Now, where was I? I do seem to have wandered quite a way off my
original point. Oh yes, what to buy the
man in your life? Well, it could be
Viagra, then you could get some life in your man (boom, boom, as Basil Brush
would say) or, if I could make a humble suggestion, how about a high-visibility
vest, a two-way radio and, if you really want to go the whole hog, a pair of
reflective sunglasses. Let's take the
rationale for each of these suggestions in turn.
Firstly, the high-vis (to quote
the vernacular) vest. These items of
clothing instantly convey power to the wearer, possibly even super-powers! A man with a high-vis vest can stop traffic,
literally. Put him at the entrance to
anything and he has the power to interrogate.
"What are you here for today then, sir?" No-one ever questions his authority to do
this, the high-vis vest is sufficient unto itself. Every man, secretly, wants a high-vis vest,
and the best of it is, they are incredibly flattering. No matter how portly or scruffy the wearer,
the donning of the magic vest renders all beneath it authoritative, commanding
and superior.
Then there's the two-way
radio. Am I alone in thinking that the
vast majority of the conversations conducted via these are entirely
superfluous? Such stuff as:
A: "Jim, come in, over"
B: Appallingly loud static noise, brief snatches of music, then faint but
unintelligible sound that just might be speech of some form or another
A: (looking knowledgeable)
"Roger that, Jim. Just checking
that the radio is working, over"
B: Even worse static noise followed by a noise like a whale in distress,
then something like a vacuum cleaner on reverse suction.

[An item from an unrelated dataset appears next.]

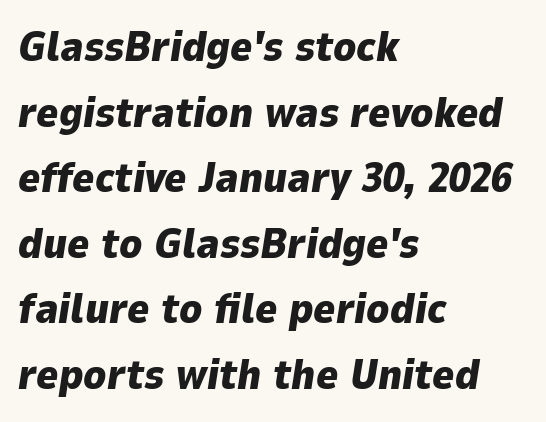
Nobody touched the tracking dial on this one. The passage shown stacks its lines at a standard gap. A clean baseline with only descenders dipping below it. Each letter keeps its own natural width here, so spacing adapts to shape. The specimen reads as italic at a glance.

A: (chuckles knowlingly) "Yeah, 10-4
Jim. I can eyeball that for sure, for
sure, over and out"
Even though it generates such
inane rubbish as this, most blokes would give their eye-teeth (what are these,
and why are they so valuable?) to have one.
Well, two actually, one being of no use at all. I can speak with some authority on this as
I'm currently on a cruise (bear with me, I'll explain). Quite a number of parents on board have taken
the sensible precaution of purchasing two-way radios in order to keep in touch
with their children, who could, of course, be anywhere on this vast ship
(although the lifts are usually a good bet).
All over the craft, you can see parents (and it's usually fathers) with
these toy walkie-talkies (and that's showing my age) clamped to their ear,
entirely oblivious to the fact that the apparatus is decorated in day-glo
orange or Barbie pink. And they're
having longer conversations with their offspring than they ever would have
face-to-face. Although they're actually
trying to find where little Cheyenne and Peyton are at this moment, in their
mind's eye they are talking to Red Leader about bandits at six-o-clock, as they
barrel over the White Cliffs of Dover.
The last element of the ensemble
has to be the reflective sunglasses, by which I mean sunglasses coated with a
mirrored surface on the outer surface. I
suppose that's a statement of the blindingly obvious - having the mirrored
surface on the inside would just give you an up close and personal view of the
inside of each eyeball, which would be somewhat disconcerting. Armed with our sunglasses we are suddenly
every American motorcycle cop we've ever seen on T.V. Miscreants pale at the image of themselves
captured in our lenses and then, for added effect, we can whip the glasses off
to pin them down with our steely glare.
There you have it, the ideal
present. Cheap, easy to get hold of and
guaranteed to deliver unlimited joy on the part of the recipient. You'll thank me for it one of these days but
the happiness of my fellow man is thanks enough. Ok chaps, are you receiving, over?